Grand Forks doctor weighs in on home vs. hospital births
Dr. Michael Brown, of Grand Forks, an obstetrician-gynecologist with Altru Health System who has more than 30 years’ experience, is a proponent of midwifery — with some caveats.By: Pamela Knudson, Grand Forks Herald
Dr. Michael Brown, of Grand Forks, an obstetrician-gynecologist with Altru Health System who has more than 30 years’ experience, is a proponent of midwifery — with some caveats.
“Midwives provide a wonderful service in the appropriate environment,” he said.
But he does not recommend home births attended by midwives because “3 percent of the time, things can go terribly wrong, and you want to be prepared for emergencies, you want that team standing by” that can help if problems arise.
“If it happens to you, it’s 100 percent of the time.”
Years ago, as a resident in UND’s obstetric-gynecology residency program, Brown trained alongside midwives, he said. “When I was in the Air Force, we were fortunate to have midwives as physician-extenders.”
People have a right to choose their health care services, he said.
“Health care is a matter of choice, and we hope to educate people to make the safest choice,” he said.
“Obstetricians feel strongly that care is given in the appropriate setting with appropriate medical back-up and staff. Labor and delivery is a very critical time in the mother’s and baby’s life. Things can go wrong and go wrong very quickly.”
At Altru, no midwives are credentialed to deliver babies in the hospital, he said, because the need for these services is being met by obstetricians on staff.
“A lot of people want to receive care at home,” he said. “We’re happy to give care. We visit with them and, often, they get comfortable with us and decide to give birth in the hospital.”
He estimates only three of his patients have delivered their babies at home in the past 15 years, he said.
‘Less intervention’
The field of obstetrics may be starting to address the concerns that prompt some families to seek care from midwives.
“There’s a movement toward more monitoring and less intervention,” he said. “We’re finding, more and more, that the less intervention, the better.
“Nature has this (process) figured out pretty well.
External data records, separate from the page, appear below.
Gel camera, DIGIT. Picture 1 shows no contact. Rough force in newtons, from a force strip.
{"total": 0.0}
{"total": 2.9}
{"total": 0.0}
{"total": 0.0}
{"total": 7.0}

For example, we don’t suction the baby’s mouth right away, while the umbilical cord is attached, to allow for bonding with the mother.”
Also, doctors are doing far fewer episiotomies, an incision meant to ease a vaginal birth, he said. “It used to be that almost everyone had one.”
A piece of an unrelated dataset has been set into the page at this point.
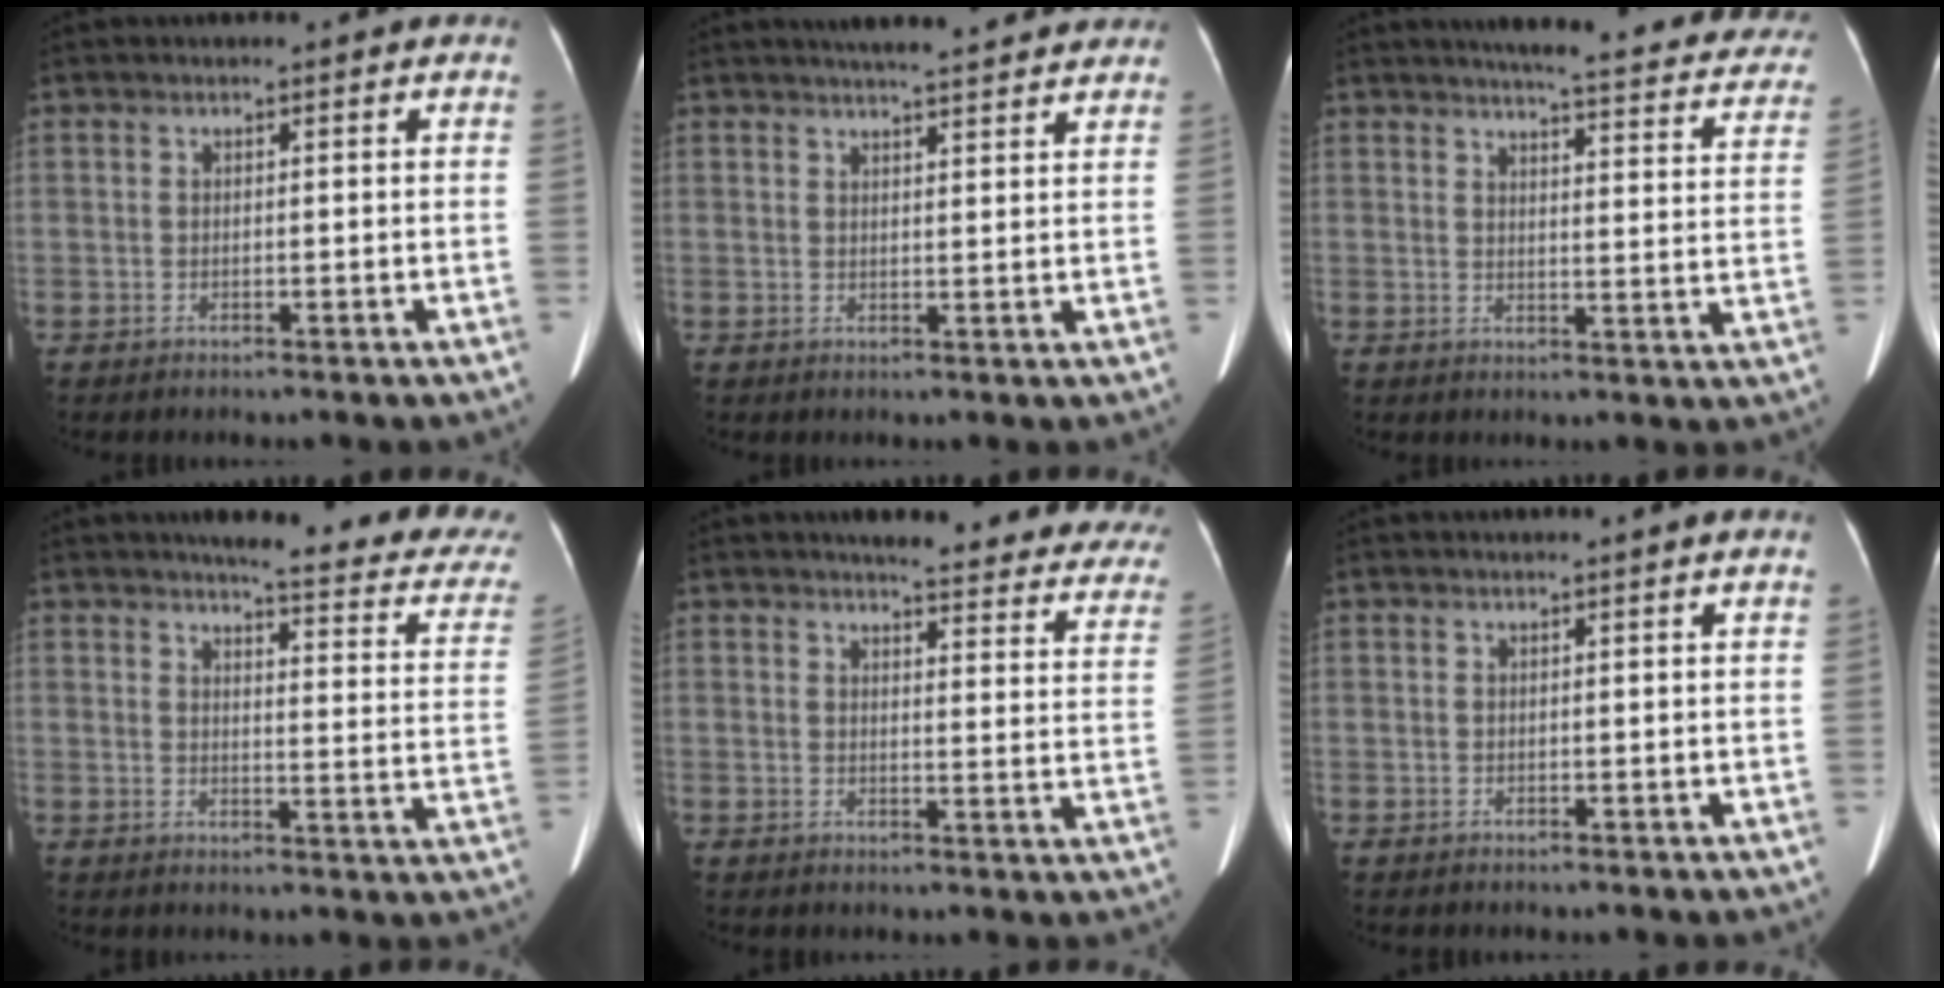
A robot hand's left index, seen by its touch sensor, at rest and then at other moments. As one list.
[{"total": 10.5, "force": [9.4, 1.4, 4.5], "torque": [-0.056, 0.019, 0.109]}, {"total": 22.8, "force": [20.4, 3.2, 9.7], "torque": [-0.108, -0.047, 0.220]}, {"total": 18.4, "force": [16.7, 1.9, 7.6], "torque": [-0.076, -0.067, 0.173]}, {"total": 22.5, "force": [20.7, 3.7, 8.0], "torque": [-0.073, -0.070, 0.215]}, {"total": 1.2, "force": [0.9, -0.4, 0.6], "torque": [-0.014, 0.000, 0.023]}]

Nationally, about 20 percent of babies are born by Cesarean-section, or C-section, to save the life of the baby and mother, he said. “You need to have someone immediately available to provide that critical care,” if needed.
“It used to be ‘once a C-section, always a C-section,’” he said, “Now, if a proper incision was made, mothers can give birth vaginally even after (having) two babies delivered by C-section.”
But in 1 percent of cases, the scar from a previous incision separates during a natural birth, posing serious danger to mother and baby, he said.
He supports licensure for those who practice midwifery, he said.
“It’s important to have standardized training and credentialing of health professionals. It validates that we are giving good care.”